In addition, über doesn't yet have to be profitable, as they can burn venture capital to subsidize operations. When it has to really be a business and make $ I don't see the current model working. Maybe it will change the way some things get done but prices will have to increase and that is, as near as I can tell, the only thing they have going for them.


----------



## astroNikon (Nov 30, 2017)

Uber has a history of trying to evade rules, regulations and authorities.  Hopefully the new CEO will steer them in the correct direction as he's uncovering more stuff that they've done in the past.

Example of an authority bypassing technology
".. Uber’s use of a software tool called Greyball, which the company developed in part to aid entrance into new markets where its service was not permitted. The tool allowed Uber to deploy what was essentially a fake version of its app to evade law enforcement agencies that were cracking down on its service."
 ==> Uber Faces Federal Inquiry Over Use of Greyball Tool to Evade Authorities


----------



## kap55 (Nov 30, 2017)

It is my understanding that Uber's business plan is (and always has been) to eventually be using driverless cars.  The fact that they have to deal with drivers is a short term irritant that they hope will soon be gone.


----------



## Overread (Nov 30, 2017)

kap55 said:


> It is my understanding that Uber's business plan is (and always has been) to eventually be using driverless cars.  The fact that they have to deal with drivers is a short term irritant that they hope will soon be gone.



I honestly don't see driverless cars being a thing for decades yet. 
You might get them in cities sooner, but even then I'd wager they wouldn't take off as fast as some are thinking. People forget how computer pathfinding is still being worked on; to deal with all the random things that can be thrown at a machine even before you add things like pedestrians! 

Also there's a trust element; the train systems are still run with drivers who control the trains themselves. I don't see people trusting machines all that fast (and those fast-adaptors who likely have automatic hoovers in their homes - yeah - they've likely seen the thing bump into a wall ten times; get lost; stuck; do something stupid enough to think twice about having a car on automatic).



If Uber is planning on driverless cars then its one of those "in 30-40 year" pie in the sky plans. They also likely hope that they'll be in a good position to take over by sneaking in with the new tech faster than established firms; plus their business model tends to be one- way with the money so they'd have cash to burn on big investment.


----------



## astroNikon (Nov 30, 2017)

Trying to go driverless was the reason Uber was banned in California for testing driverless technology back in 2016 (one car ran 6 red lights), even though they denied it was driverless, of which they then were found out to be lying as it was driverless.  ==> A self-driving Uber ran a red light last December, contrary to company claims

They essentially, since not buying a permit, was able to skirt having to document any issues of the self driving cars.  Essentially Uber has been trying to be at the bleeding edge, steal technology from other companies, steal drivers, thwart authorities efforts, etc.  You'd think they were a subsidiary of North Korea. lol


----------



## Braineack (Nov 30, 2017)

astroNikon said:


> You'd think they were a subsidiary of North Korea. lol



they don't force children to pull rickshaws, then kill them off if they pick up someone late or take too long or pay them with some rice if they succeed.


----------



## pendennis (Nov 30, 2017)

Fstop- said:


> pendennis said:
> 
> 
> > Uber has filed an appeal in a California case, where it was ruled that Uber is an employer. Uber maintains it is only a communication line (for lack of a better term), putting driver and rider together only.
> ...


My post was merely meant to cite Uber's concept of their driver/Uber relationship.
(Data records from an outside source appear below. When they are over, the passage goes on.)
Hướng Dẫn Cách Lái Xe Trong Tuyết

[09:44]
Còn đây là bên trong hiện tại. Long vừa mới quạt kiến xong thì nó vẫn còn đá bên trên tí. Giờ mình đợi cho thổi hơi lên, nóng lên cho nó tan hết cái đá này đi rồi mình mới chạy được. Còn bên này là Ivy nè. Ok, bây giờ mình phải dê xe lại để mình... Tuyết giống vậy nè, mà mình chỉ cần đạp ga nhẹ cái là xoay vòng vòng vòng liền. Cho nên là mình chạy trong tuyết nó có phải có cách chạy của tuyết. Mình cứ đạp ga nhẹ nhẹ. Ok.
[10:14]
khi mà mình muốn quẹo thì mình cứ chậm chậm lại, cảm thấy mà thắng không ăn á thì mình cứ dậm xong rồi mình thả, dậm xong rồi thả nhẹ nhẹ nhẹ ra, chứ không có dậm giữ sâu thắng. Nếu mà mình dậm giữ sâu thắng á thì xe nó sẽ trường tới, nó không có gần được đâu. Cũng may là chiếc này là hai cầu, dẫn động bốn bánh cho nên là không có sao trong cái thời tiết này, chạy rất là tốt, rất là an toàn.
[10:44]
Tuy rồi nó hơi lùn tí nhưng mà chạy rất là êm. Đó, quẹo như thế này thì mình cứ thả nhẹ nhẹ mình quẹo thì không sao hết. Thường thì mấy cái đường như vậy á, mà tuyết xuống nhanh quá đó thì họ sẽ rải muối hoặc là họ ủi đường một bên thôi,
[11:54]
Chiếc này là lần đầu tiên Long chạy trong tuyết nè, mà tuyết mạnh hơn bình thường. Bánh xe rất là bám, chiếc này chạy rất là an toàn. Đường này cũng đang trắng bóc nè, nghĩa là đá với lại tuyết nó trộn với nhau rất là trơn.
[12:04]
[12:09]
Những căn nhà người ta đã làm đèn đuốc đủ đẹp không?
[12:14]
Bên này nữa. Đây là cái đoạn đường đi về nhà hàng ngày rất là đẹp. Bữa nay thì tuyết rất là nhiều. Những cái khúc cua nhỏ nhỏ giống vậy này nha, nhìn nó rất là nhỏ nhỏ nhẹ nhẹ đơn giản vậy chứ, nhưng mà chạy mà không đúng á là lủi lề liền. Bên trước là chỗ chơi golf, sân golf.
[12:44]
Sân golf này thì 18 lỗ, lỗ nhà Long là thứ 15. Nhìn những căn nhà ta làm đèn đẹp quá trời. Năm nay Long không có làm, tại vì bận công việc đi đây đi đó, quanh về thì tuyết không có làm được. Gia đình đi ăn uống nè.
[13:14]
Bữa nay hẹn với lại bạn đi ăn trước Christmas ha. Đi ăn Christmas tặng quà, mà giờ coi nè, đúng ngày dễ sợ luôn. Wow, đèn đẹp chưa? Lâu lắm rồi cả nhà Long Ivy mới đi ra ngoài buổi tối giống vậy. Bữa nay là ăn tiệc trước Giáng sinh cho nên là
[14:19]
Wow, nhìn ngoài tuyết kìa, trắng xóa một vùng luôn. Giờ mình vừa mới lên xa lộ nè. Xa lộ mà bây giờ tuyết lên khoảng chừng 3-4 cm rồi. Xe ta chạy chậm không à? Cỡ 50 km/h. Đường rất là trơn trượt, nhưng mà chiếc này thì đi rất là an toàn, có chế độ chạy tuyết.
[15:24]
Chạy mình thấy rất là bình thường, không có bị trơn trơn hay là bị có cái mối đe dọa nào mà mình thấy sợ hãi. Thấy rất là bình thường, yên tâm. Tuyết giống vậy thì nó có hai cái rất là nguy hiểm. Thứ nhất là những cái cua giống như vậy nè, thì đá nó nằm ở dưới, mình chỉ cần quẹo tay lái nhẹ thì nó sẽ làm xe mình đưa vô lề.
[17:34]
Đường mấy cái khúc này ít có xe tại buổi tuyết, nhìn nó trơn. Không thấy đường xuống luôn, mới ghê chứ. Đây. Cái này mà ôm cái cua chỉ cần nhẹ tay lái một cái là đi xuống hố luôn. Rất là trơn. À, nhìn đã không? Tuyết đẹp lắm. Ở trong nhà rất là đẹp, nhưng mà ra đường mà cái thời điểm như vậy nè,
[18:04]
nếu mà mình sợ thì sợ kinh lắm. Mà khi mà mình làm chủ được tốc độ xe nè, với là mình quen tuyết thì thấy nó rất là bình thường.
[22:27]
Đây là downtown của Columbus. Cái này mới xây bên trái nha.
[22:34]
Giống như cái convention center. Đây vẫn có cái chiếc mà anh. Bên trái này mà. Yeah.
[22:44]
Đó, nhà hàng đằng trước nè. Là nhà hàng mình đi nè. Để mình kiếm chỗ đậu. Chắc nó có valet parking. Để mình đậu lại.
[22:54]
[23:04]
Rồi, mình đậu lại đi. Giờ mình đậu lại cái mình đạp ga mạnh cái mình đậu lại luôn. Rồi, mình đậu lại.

Uber's not the only company who maintains they don't have employees.  The employer/employee definition has usually meant that the employer provides a workplace; and in some instances equipment, especially those which the employee may not typically have in the tool box.  Auto repair shops are great examples.

"1099" workers are generally independent "contractors".  The hiring company doesn't supply work space, equipment (generally), work clothing, etc.
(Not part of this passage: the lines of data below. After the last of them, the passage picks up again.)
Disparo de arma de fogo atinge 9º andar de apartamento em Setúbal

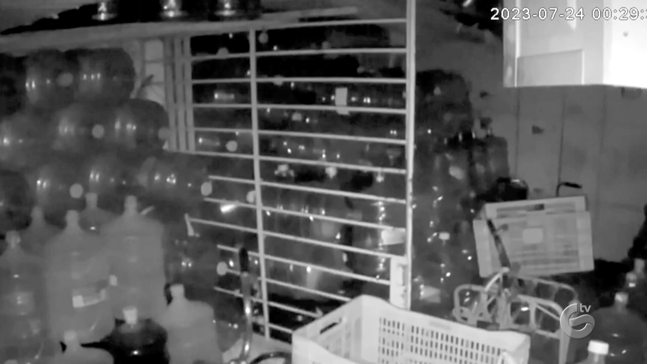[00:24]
A câmera de segurança instalada em um depósito de água mineral chegou a captar o som da sequência dos disparos.
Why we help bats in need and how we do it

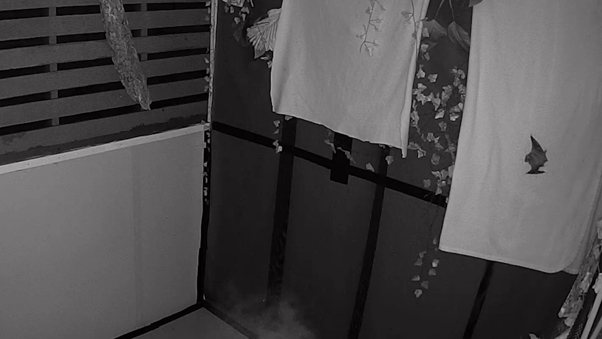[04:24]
We have an insectivore enclosures to test them if they can fly and get them outside and used to the weather before we release them.
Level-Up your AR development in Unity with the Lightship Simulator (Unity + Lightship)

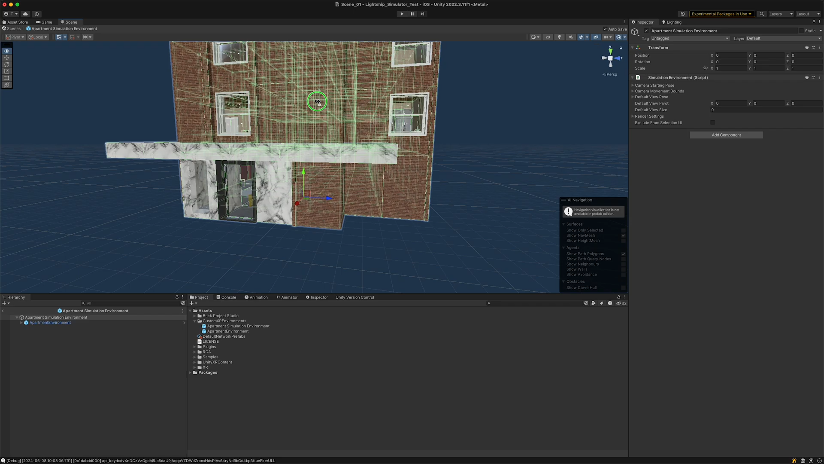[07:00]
And the first thing we should do is adjust the starting point of the camera. For that let's just find a good position.

By their very business model, they believe that they can circumvent the punitive fees, taxes, etc., that governments use to monopolize taxi services.


----------



## limr (Nov 30, 2017)

astroNikon said:


> of which *they then were found out to be lying* as it was driverless.  ==> A self-driving Uber ran a red light last December, contrary to company claims



I'm shocked, SHOCKED!


----------



## Fstop- (Nov 30, 2017)

pendennis said:


> "1099" workers are generally independent "contractors". The hiring company doesn't supply work space, equipment (generally), work clothing, etc.



Their are many more conditions that make a person an employee vs contractor. Two big ones are 
*
How they get paid* - Employees get paid a set price determined by their employer. Contractor bid jobs set their own price on the job or work they are bidding on, the client accepts the bid/price.
*Time*- Employees are expected to work set times or amounts of time. Contractors set their own time they work within project deadlines.


----------



## pendennis (Dec 1, 2017)

Fstop- said:


> pendennis said:
> 
> 
> > "1099" workers are generally independent "contractors". The hiring company doesn't supply work space, equipment (generally), work clothing, etc.
> ...


My response was not a "be all, end all" description of how a "1099" worker was defined.  By contract specifics, projects are all defined within the triple constraints of project management (cost, scope, time).  This subject requires far more study than the mere surface comments a blog allows.


----------



## kap55 (Dec 16, 2017)

astroNikon said:


> From all the things uber did they also did this .. Interesting.   ==> Uber employed espionage unit to steal rivals’ secrets — is that legal?
> 
> And there was good reason why SoftBank undervalues uber ==> Uber’s net loss widened to $1.46 billion last quarter, SoftBank reveals



Just an update to the story posted by astroNikon...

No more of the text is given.